SLOSH surge-only simulations (without tides) were run operationally in 2012 for Hurricane Sandy, as described above. Figure 5 shows an example of the model tracks used by NHC’s Hurricane Specialists as guidance to determine the OFCL track for Hurricane Sandy 48-hours prior to landfall. It depicts a large spread in the model tracks with various intensities, sizes and storm center locations. This guidance is used to run the ensemble SLOSH simulations. Figure 6 displays the ensemble maximum envelope of water 48-hours prior to landfall with a maximum total water level of 4.94 m (16.2 ft) NAVD88. A summary plot of the ensemble results for the simulations, valid 48 h prior to landfall, is shown in Figure 7.
Figure 5. Example of the model tracks used by the Hurricane Specialists at NHC to develop the OFCL forecast track for Hurricane Sandy. It depicts the large spread in the model tracks with various wind intensities, sizes and track locations.

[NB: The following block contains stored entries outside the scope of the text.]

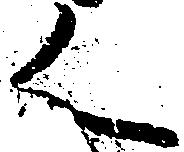
く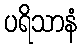
ပရိသာနံ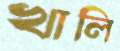
খালি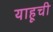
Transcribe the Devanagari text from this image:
याहूची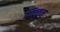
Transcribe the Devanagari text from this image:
चिन्‍तन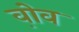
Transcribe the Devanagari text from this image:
व़ोव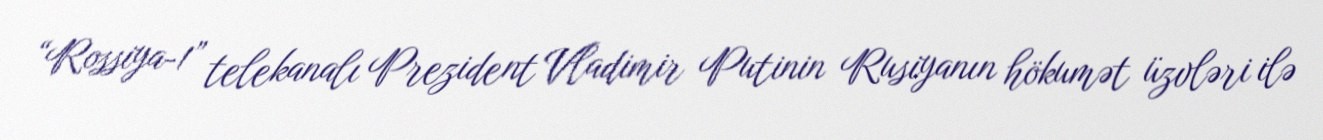
“Rossiya-1” telekanalı Prezident Vladimir Putinin Rusiyanın hökumət üzvləri ilə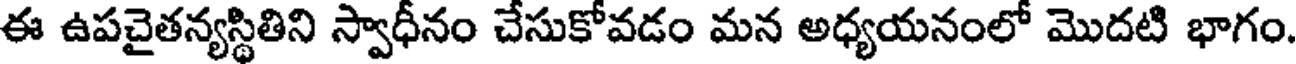
ఈ ఉపచైతన్యస్థితిని స్వాధీనం చేసుకోవడం మన అధ్యయనంలో మొదటి భాగం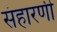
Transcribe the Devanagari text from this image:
संहारणी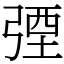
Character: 㢾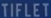
TIFLET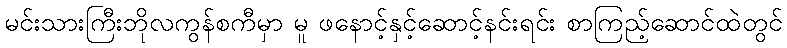
မင်းသားကြီးဘိုလကွန်စကီမှာ မူ ဖနောင့်နှင့်ဆောင့်နင်းရင်း စာကြည့်ဆောင်ထဲတွင်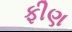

This meteorological guidance is used as forcing to run the SLOSH ensemble storm surge simulations. The label inside the white box at the end of each track indicates the ensemble member number that corresponds to the number in the horizontal axis in Figure 7.
Figure 5. Example of the model tracks used by the Hurricane Specialists at NHC to develop the OFCL forecast track for Hurricane Sandy. It depicts the large spread in the model tracks with various wind intensities, sizes and track locations. This meteorological guidance is used as forcing to run the SLOSH ensemble storm surge simulations. The label inside the white box at the end of each track indicates the ensemble member number that corresponds to the number in the horizontal axis in Figure 7.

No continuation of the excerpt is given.